Above was mentioned an in-memory buffer with persistent backing store. Certain services that use dynamo require higher performance at the expense of durability. To acheive this, dynamo provides the ability for each node to maintain an object buffer in its main memory. Each write operation is stored in the buffer and gets periodically written to storage by a writer thread. In this scheme, read operations first check if the requested key is present in the buffer, and if it is, it’s returned without hitting storage. They saw factor of 5 decreases in latency at the 99.9% percentile during peak traffic even for a very small object buffer. The danger here is that if a node goes down, all the contents of its buffer (ie: a bunch of writes) are lost. To mitigate this, the write operation in this scenario is refined to direct at least one N node to perform a “durable write.” The coordinator still only waits for W responses, so the client latency is not affected.

Partitioning

Strategy 1: T random tokens per node and partition by token value: In this model, when a physical node joins the ring, a random set of tokens are created at “random but uniform” locations around the ring and then these tokens are assigned to the new node. The token ranges are not perfectly uniform, and get worse when plopped down between existing tokens at various distances. All other existing nodes which have a new token plopped down between a token range they control then need to redefine their own token ranges. This also necessitates that they update their Merkle trees, and they also need to start up a background thread to scan their local storage and transfer the keys that they own over to the new node. This kinda sucks and takes a long time under high load.
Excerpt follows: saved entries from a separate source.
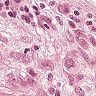
Metastatic tissue present: yes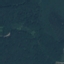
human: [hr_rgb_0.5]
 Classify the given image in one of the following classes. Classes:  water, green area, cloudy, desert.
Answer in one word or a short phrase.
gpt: green area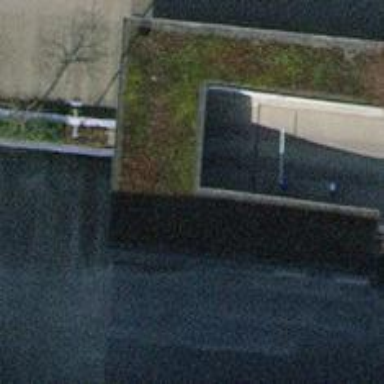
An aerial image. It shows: Parking entrance.
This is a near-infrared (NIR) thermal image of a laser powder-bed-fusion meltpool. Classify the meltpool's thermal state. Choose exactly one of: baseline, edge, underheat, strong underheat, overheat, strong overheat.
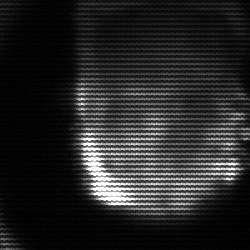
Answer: baseline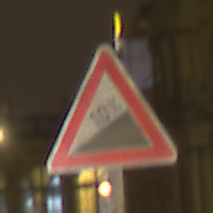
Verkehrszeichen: Steigung10
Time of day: Night
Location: Outdoor (Urban)
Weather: Overcast
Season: NotSpecified
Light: Artificial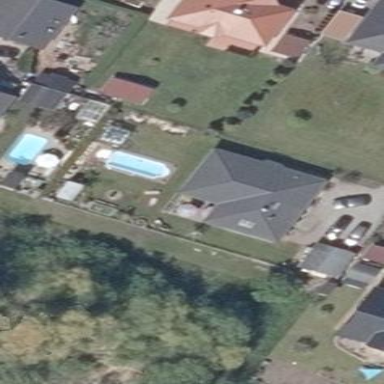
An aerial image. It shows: Detached building.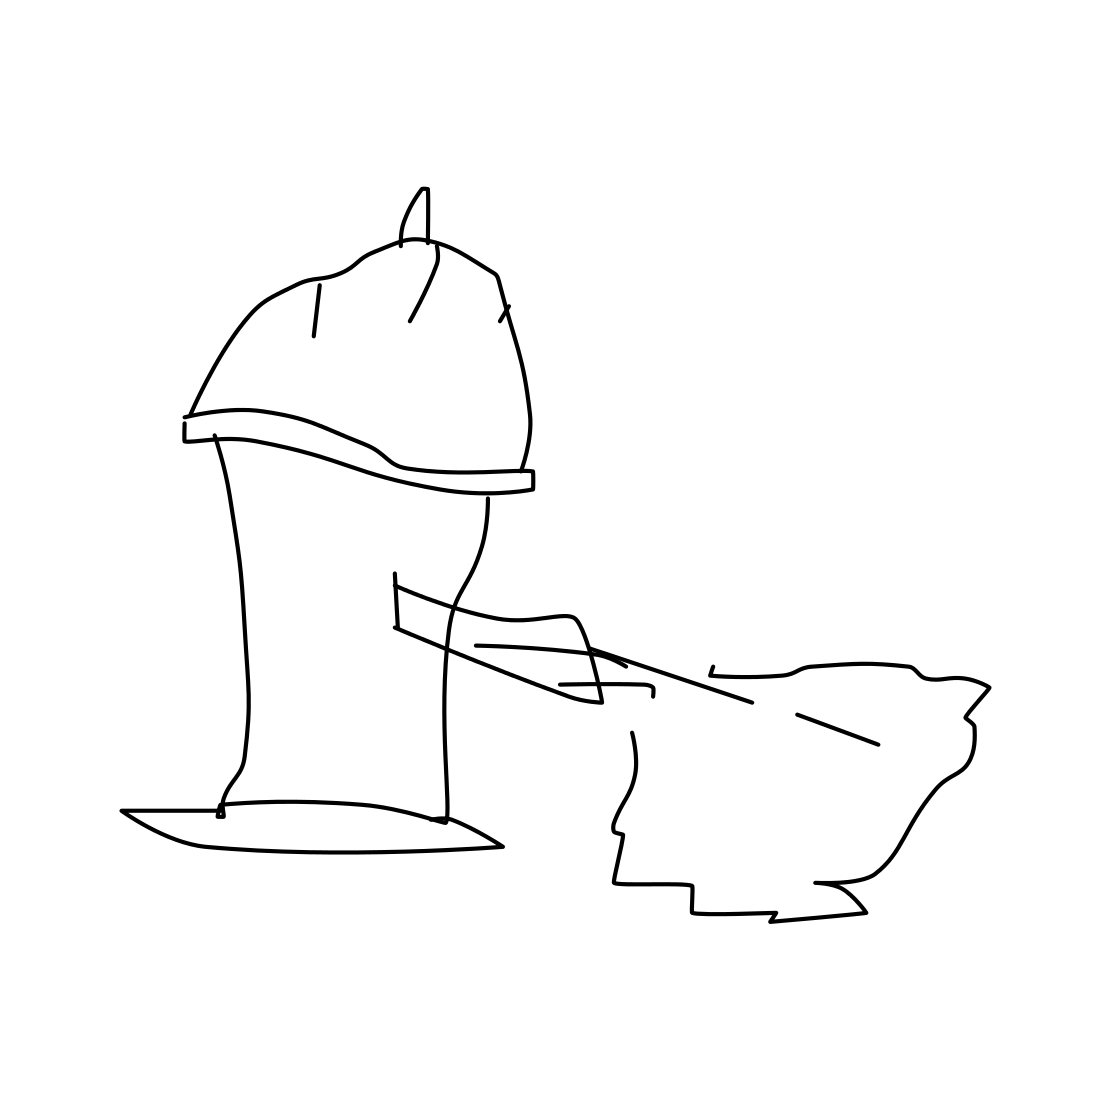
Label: fire hydrant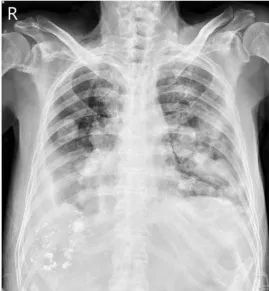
B. AP view of the patient's chest X-ray film on 7 January 2022. The border of metastatic tumors became blurred with increasing infiltration. This phenomenon might be due to the clearance of HCC by T cells and inducing inflammatory reactions.
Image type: radiology (x_ray)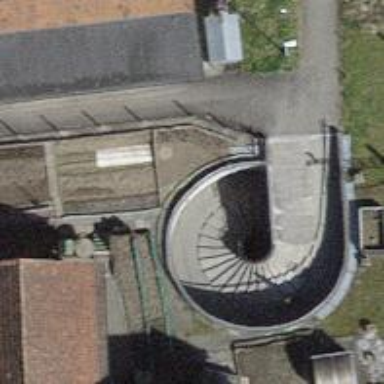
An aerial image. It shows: Footway passing through tunnel.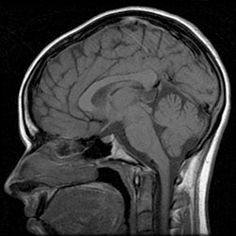
Label: notumor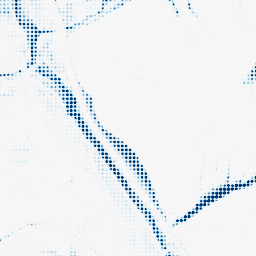
Category: morphological
Decomposition family: morphological_rect
Decomposition parameters: operation: closing
width: 20
height: 10
Upsampling method: sinc_hamming
Upsampling parameters: scale: 8
kernel_size: 4
Upsampling scale: 8
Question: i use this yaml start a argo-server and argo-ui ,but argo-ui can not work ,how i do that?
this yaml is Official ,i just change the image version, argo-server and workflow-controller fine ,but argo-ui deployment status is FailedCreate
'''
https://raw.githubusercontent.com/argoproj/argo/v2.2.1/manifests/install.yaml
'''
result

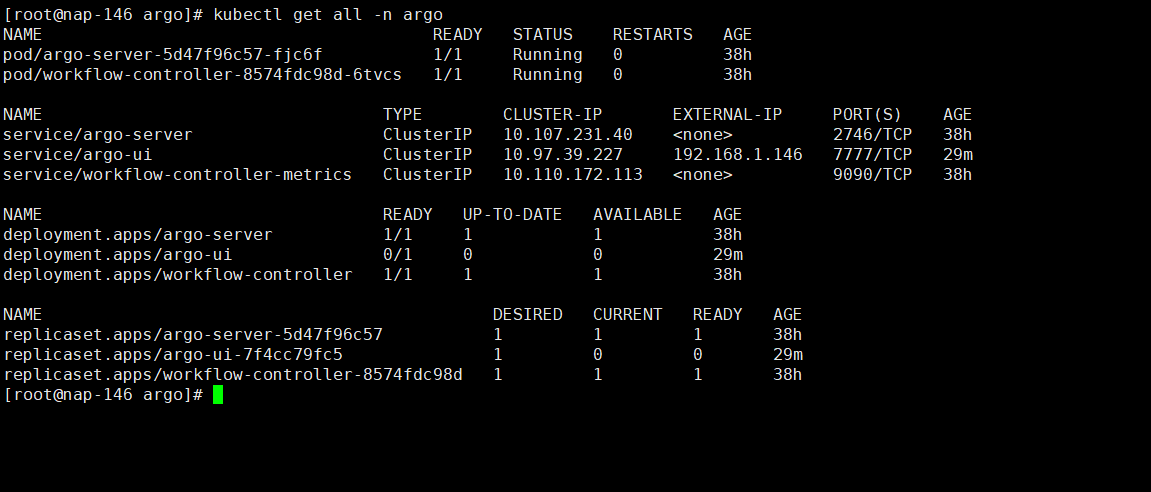
Answer: argo-ui is no longer used nor part of the official manifests. It has superseded by argo-server, which serves the UI. You can delete it and access argo-server instead.

Strategy 2: T random tokens per node and equal sized partitions: in this model, the hash space is divided up evenly while the token placement remains “random but uniform.” Not sure about this one, seems dumb

Strategy 3: Equal distribution of tokens and partitions: Hash space is divided evenly, and a token is placed at each segment. This doesn’t change. A node is added, and it steals tokens from other nodes in order to take on some load. Same happens if a node leaves. This strategy still has the problem of needing to transfer replicas in a background thread, but avoids merkle tree rebuilds and uneven hash sizes.